Кавакс вынимает у Софокла из пасти две конфеты, зеленую и фиолетовую. Он пробует фиолетовую. Глаза его широко распахиваются и делаются безумными.
–Виноград! Это знак!– выдыхает он сквозь белые зубы.– Знак!
Ксана оборачивается посмотреть, что случилось. Она вздыхает:
–Отец…
–Молчи, скептичное дитя. Софокл благословил Лирию.– Гигант отдает конфету дочери и спускается ко мне, бурно жестикулируя.– В мире все еще осталось волшебство.– Вторую конфету он бросает лису.– И Софокл нашел его.
–Отец!
–Так что же, Луна изменила правила нашего дома?– спрашивает он.– Неужто Софокл должен напоминать нам о нашей марсианской чести?– (Его дочь не отвечает.)– Итак! Девушка летит с нами, потому что… потому…– В его огромной голове возникает идея, и глаза загораются.

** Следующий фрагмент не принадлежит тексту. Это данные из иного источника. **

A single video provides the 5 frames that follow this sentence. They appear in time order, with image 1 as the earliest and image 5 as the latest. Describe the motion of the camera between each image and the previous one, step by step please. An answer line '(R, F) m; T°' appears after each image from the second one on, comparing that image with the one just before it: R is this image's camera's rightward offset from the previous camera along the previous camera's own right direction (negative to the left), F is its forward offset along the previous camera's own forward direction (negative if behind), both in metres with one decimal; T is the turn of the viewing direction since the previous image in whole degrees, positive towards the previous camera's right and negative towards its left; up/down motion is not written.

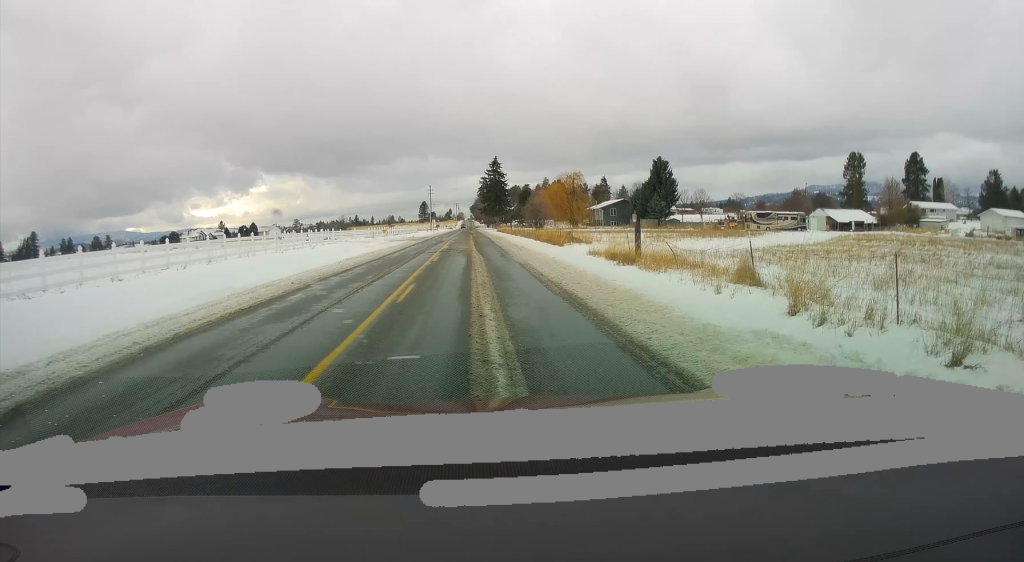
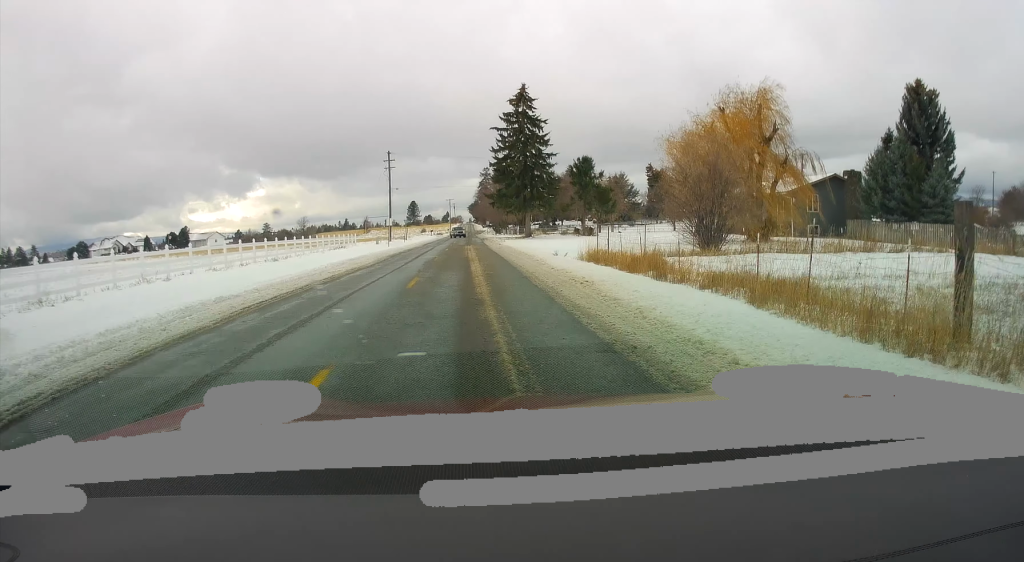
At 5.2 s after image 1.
(+2.5, +81.2) m; +2°
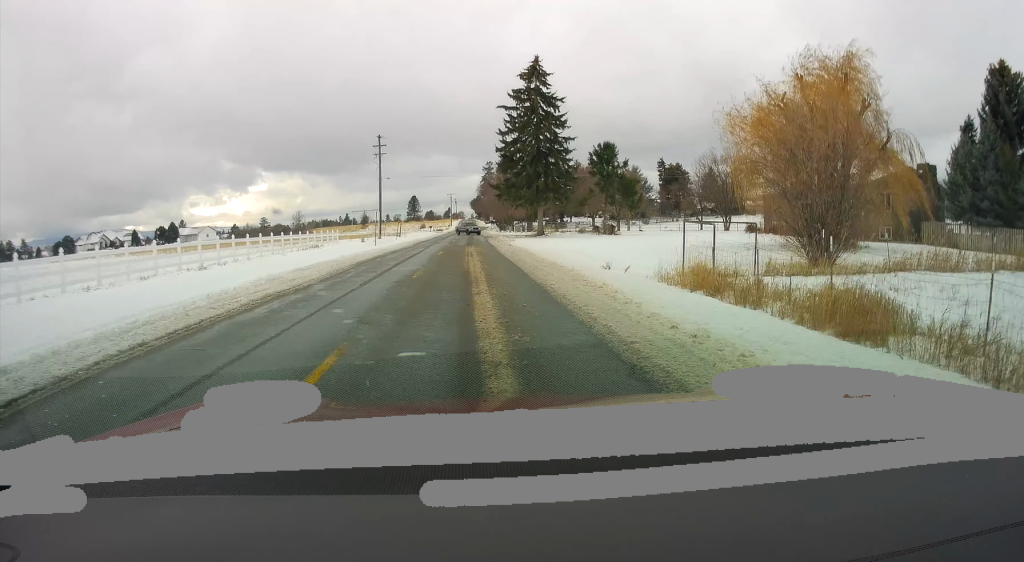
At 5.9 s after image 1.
(0.0, +11.0) m; 0°
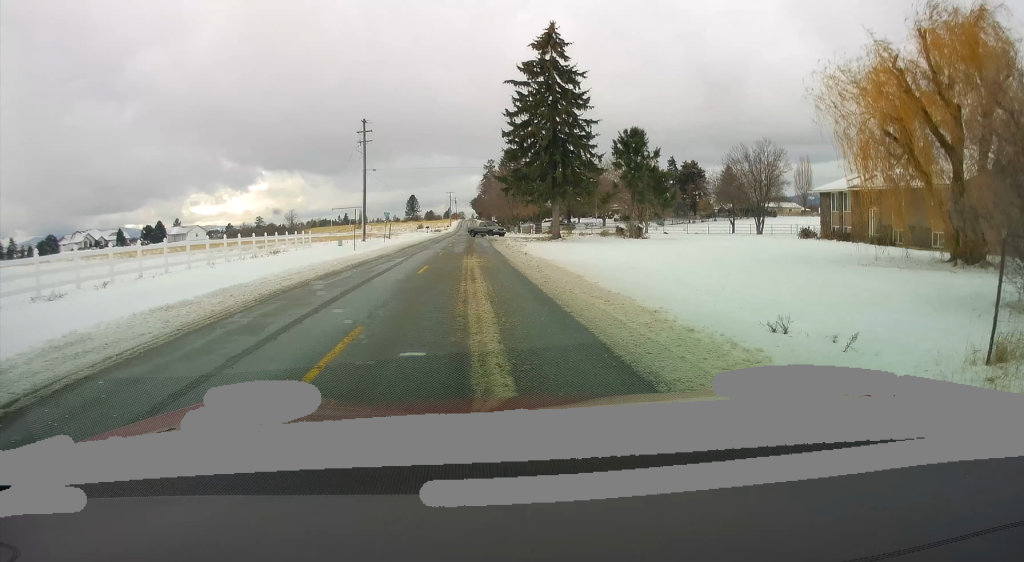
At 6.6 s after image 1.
(0.0, +11.0) m; 0°
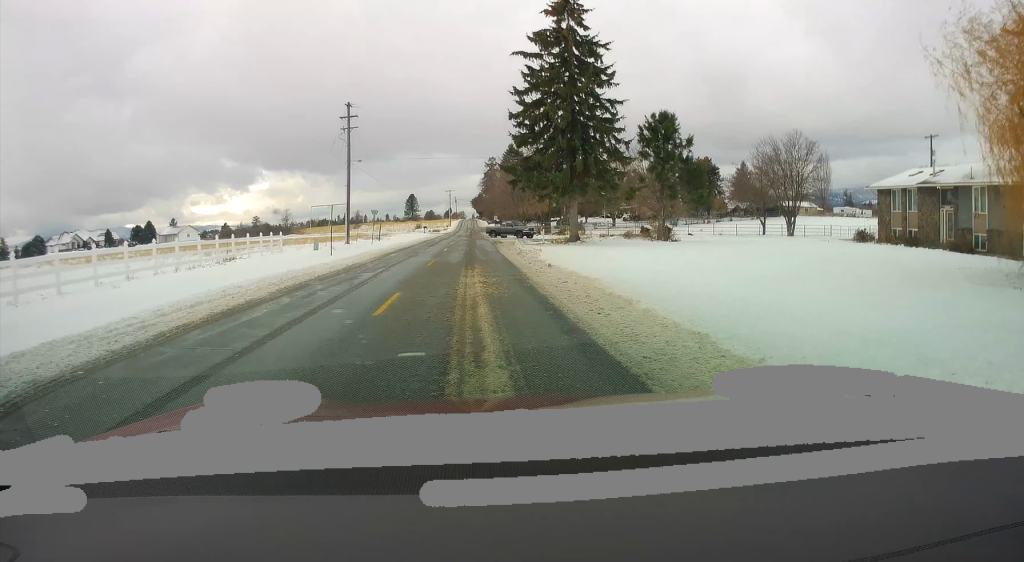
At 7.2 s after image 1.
(0.0, +8.4) m; 0°

Он указывает на серебряную булавку на моей госпитальной блузе.– Потому что отныне она слуга дома Телеманусов!
–Слуга?– хором переспрашиваем мы с Ксаной.
Она вздыхает:
–Ты собираешься взять на службу всю деревню?
–Нет, только ее. Софокл выбрал Лирию, а Телеманусы своих не бросают.– Он кладет огромную руку мне на плечо. У меня чуть не подгибаются колени под ее тяжестью.– Ну, что ты об этом скажешь, дочь?
Ксана улыбается, сдаваясь под натиском отца:
–Я внесу ее в реестр. Таможне это не понравится.
–Пусть пососут мою бороду.
–Теперь ты выражаешься, как Барка.
–Будут тут всякие мне указывать, кого я могу, а кого не могу нанять на службу! Наглые лицемерные эльфики!– Кавакс машет рукой своим людям.– Вассалы, подъем! Найдите ее племянника. Маленький слепой рыцарь с шоколадной родинкой на носу. Его не пропустишь. Тащите мальчика сюда.– Он бьет кулаком по ладони.– И быстро улетаем!
Я стою потрясенная, ничего не понимая, хотя слышала все своими ушами. Но солдаты идут выполнять приказ, а Ксана поднимается по трапу в челнок, оставив меня с Каваксом. Я не могу поверить, что все это происходит на самом деле. Мы улетаем?
Проводив взглядом дочь, Кавакс опускается на колени, чтобы смотреть мне в глаза.